◆ What the exercise asks ◆
In the material below, how many lines contain the word "filter"? The reply must be that number alone.

◆ Working data ◆
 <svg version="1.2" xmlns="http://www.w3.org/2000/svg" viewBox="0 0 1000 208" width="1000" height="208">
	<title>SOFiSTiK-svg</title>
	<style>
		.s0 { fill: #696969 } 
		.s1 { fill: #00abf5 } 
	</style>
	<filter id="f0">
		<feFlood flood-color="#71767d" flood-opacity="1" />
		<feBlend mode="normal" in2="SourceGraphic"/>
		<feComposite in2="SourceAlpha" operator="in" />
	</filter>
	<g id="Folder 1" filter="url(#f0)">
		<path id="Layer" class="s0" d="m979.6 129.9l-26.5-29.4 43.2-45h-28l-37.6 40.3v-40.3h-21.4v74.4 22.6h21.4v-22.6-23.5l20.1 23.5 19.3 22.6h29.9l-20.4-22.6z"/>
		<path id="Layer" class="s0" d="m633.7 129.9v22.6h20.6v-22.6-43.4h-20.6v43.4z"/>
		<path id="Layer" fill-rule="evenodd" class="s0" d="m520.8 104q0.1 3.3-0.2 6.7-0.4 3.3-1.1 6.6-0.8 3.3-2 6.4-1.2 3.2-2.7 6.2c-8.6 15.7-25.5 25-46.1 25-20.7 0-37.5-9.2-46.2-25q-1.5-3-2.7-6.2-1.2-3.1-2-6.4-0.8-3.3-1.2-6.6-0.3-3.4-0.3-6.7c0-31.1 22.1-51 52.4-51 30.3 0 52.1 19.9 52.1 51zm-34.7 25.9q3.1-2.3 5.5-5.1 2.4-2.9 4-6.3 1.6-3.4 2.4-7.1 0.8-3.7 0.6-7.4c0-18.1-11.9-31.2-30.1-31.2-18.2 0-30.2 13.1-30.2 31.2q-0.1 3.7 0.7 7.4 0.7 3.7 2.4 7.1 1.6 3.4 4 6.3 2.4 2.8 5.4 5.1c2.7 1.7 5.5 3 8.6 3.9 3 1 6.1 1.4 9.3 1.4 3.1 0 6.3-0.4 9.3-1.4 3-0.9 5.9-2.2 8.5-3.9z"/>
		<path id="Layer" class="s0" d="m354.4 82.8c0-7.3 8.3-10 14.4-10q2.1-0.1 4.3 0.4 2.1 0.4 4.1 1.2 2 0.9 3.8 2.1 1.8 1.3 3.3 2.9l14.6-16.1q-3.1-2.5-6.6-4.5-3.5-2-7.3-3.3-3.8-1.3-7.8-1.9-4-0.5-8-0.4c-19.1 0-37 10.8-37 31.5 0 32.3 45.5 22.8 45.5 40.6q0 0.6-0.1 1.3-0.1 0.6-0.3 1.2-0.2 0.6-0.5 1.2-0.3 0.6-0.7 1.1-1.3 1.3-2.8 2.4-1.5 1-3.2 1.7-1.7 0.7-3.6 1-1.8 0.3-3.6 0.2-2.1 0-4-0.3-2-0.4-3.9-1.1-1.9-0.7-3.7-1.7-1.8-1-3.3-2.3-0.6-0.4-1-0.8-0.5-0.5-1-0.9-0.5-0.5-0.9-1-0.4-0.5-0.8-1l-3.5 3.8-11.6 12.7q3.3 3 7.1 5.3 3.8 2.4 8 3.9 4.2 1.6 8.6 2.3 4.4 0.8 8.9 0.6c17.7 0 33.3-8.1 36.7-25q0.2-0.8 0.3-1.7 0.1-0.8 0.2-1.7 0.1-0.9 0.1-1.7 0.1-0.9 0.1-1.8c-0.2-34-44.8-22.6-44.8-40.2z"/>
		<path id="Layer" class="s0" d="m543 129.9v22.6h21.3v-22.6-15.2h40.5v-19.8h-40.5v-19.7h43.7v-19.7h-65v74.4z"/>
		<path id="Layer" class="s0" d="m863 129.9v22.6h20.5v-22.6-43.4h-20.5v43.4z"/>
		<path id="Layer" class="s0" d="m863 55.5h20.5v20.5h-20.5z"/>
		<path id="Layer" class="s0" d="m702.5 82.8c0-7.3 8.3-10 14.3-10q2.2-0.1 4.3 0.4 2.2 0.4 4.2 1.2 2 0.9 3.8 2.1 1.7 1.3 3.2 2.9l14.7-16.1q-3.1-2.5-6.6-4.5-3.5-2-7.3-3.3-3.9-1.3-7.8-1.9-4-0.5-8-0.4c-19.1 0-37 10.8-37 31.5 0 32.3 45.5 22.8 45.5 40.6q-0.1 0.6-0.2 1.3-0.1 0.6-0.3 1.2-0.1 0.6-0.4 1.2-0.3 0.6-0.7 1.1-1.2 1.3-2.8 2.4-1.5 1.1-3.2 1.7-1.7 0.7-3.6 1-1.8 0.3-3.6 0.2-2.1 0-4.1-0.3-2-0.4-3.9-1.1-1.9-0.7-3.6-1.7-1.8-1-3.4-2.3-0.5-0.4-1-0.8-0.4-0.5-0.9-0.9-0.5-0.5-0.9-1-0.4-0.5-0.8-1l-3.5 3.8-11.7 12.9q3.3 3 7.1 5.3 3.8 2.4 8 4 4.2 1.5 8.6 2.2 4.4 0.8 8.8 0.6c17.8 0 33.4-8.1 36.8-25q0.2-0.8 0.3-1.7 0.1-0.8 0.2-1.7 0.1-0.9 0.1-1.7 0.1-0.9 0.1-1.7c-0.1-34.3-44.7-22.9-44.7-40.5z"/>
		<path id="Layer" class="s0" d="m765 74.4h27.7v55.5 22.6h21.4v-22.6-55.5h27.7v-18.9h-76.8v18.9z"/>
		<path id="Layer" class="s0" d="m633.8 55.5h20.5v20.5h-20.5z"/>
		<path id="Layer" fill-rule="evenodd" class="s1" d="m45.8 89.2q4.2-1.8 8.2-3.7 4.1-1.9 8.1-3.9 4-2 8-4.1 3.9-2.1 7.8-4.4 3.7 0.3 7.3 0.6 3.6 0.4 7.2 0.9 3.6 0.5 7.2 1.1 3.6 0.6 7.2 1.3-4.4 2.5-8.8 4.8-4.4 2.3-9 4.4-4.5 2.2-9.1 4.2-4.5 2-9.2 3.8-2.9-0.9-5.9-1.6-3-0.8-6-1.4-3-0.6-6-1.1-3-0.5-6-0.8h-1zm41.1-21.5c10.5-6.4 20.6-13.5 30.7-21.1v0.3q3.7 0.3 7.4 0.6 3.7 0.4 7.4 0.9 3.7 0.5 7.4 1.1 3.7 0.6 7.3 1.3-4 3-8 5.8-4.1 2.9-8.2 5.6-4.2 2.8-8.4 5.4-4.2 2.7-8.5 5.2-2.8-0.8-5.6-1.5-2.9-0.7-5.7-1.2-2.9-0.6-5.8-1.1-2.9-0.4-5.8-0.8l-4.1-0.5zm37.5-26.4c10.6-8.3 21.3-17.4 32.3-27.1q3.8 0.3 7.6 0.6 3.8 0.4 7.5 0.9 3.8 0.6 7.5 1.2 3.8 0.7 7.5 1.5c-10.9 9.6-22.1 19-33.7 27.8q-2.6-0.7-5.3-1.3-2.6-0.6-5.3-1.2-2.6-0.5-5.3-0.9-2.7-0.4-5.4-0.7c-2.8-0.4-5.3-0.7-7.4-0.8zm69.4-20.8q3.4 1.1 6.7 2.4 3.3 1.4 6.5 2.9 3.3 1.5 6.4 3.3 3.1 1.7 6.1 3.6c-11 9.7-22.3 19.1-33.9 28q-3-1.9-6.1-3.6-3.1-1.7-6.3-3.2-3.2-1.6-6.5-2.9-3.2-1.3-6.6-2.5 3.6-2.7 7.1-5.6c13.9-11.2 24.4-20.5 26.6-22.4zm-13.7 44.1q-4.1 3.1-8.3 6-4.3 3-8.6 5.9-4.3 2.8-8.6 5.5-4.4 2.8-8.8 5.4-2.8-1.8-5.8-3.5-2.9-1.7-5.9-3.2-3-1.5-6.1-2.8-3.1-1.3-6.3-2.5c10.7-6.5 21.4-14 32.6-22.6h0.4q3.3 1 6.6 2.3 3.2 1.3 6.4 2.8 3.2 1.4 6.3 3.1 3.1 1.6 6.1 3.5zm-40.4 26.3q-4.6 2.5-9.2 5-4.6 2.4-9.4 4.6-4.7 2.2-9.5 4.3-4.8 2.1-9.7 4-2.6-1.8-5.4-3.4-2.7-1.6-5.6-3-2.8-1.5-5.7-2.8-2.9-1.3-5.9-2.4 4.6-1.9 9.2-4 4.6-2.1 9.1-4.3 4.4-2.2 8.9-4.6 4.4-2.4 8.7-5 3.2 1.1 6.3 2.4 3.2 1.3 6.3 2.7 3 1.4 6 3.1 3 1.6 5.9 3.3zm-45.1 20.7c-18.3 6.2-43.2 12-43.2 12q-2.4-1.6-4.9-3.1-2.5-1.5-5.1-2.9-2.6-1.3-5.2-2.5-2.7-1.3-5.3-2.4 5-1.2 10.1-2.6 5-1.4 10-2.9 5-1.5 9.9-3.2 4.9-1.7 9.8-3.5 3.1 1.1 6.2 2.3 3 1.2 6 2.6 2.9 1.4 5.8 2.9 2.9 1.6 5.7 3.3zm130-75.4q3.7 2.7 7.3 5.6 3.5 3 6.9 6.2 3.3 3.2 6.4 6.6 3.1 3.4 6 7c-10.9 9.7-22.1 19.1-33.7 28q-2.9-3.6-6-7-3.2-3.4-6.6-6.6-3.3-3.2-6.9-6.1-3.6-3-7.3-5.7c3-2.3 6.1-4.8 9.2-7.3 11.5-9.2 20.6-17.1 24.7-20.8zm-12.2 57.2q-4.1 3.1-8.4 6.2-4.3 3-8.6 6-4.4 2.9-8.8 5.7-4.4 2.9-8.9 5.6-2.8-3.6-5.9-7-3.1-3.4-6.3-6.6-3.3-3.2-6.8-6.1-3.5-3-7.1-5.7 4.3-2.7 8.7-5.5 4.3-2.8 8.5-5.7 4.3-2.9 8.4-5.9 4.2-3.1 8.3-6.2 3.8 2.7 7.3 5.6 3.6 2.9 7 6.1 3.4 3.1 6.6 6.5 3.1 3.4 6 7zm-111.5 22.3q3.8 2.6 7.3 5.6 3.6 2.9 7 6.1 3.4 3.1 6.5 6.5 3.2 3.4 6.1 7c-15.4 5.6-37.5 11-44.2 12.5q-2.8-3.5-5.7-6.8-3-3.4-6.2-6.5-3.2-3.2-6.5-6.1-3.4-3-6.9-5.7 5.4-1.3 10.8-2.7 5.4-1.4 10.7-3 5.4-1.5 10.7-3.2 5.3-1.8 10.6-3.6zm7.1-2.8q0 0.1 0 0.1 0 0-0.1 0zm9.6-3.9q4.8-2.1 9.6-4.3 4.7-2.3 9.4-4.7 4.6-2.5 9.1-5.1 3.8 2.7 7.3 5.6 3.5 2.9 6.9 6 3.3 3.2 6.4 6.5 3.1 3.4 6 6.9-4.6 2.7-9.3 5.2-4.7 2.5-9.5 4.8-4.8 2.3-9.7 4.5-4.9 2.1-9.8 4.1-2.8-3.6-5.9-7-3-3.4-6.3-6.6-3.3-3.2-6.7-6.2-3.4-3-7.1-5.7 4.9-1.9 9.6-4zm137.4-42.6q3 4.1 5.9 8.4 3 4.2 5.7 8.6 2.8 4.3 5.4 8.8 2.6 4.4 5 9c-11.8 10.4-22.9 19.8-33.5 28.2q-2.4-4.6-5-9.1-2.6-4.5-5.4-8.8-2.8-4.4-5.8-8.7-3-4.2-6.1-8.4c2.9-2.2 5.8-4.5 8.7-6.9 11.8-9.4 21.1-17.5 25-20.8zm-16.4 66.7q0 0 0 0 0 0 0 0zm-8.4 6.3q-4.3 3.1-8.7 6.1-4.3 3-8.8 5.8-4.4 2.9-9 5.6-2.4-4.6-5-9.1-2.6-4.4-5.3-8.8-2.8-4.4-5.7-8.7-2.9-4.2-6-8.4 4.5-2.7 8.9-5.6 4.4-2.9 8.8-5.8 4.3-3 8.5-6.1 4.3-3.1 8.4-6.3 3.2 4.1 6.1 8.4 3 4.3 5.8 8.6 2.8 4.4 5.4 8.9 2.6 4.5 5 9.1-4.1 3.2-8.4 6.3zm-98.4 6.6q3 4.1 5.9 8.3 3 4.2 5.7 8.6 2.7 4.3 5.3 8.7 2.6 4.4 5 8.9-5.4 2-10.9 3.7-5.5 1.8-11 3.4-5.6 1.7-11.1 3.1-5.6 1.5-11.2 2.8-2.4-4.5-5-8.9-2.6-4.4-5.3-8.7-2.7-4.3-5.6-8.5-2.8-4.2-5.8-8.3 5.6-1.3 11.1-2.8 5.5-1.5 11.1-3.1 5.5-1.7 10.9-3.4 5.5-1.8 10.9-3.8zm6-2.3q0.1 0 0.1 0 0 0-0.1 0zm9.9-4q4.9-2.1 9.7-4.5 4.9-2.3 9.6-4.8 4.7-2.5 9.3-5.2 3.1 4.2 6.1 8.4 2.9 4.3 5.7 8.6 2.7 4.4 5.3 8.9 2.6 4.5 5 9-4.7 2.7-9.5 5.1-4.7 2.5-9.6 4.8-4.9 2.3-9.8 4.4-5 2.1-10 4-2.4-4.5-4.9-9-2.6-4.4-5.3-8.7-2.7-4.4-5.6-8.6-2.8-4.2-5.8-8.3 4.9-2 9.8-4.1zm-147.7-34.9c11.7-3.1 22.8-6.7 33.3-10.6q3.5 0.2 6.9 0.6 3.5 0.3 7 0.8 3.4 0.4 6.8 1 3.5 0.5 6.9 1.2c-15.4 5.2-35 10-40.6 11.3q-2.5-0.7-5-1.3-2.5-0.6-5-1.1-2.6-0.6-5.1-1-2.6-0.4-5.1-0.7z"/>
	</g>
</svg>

◆ Written response ◆
3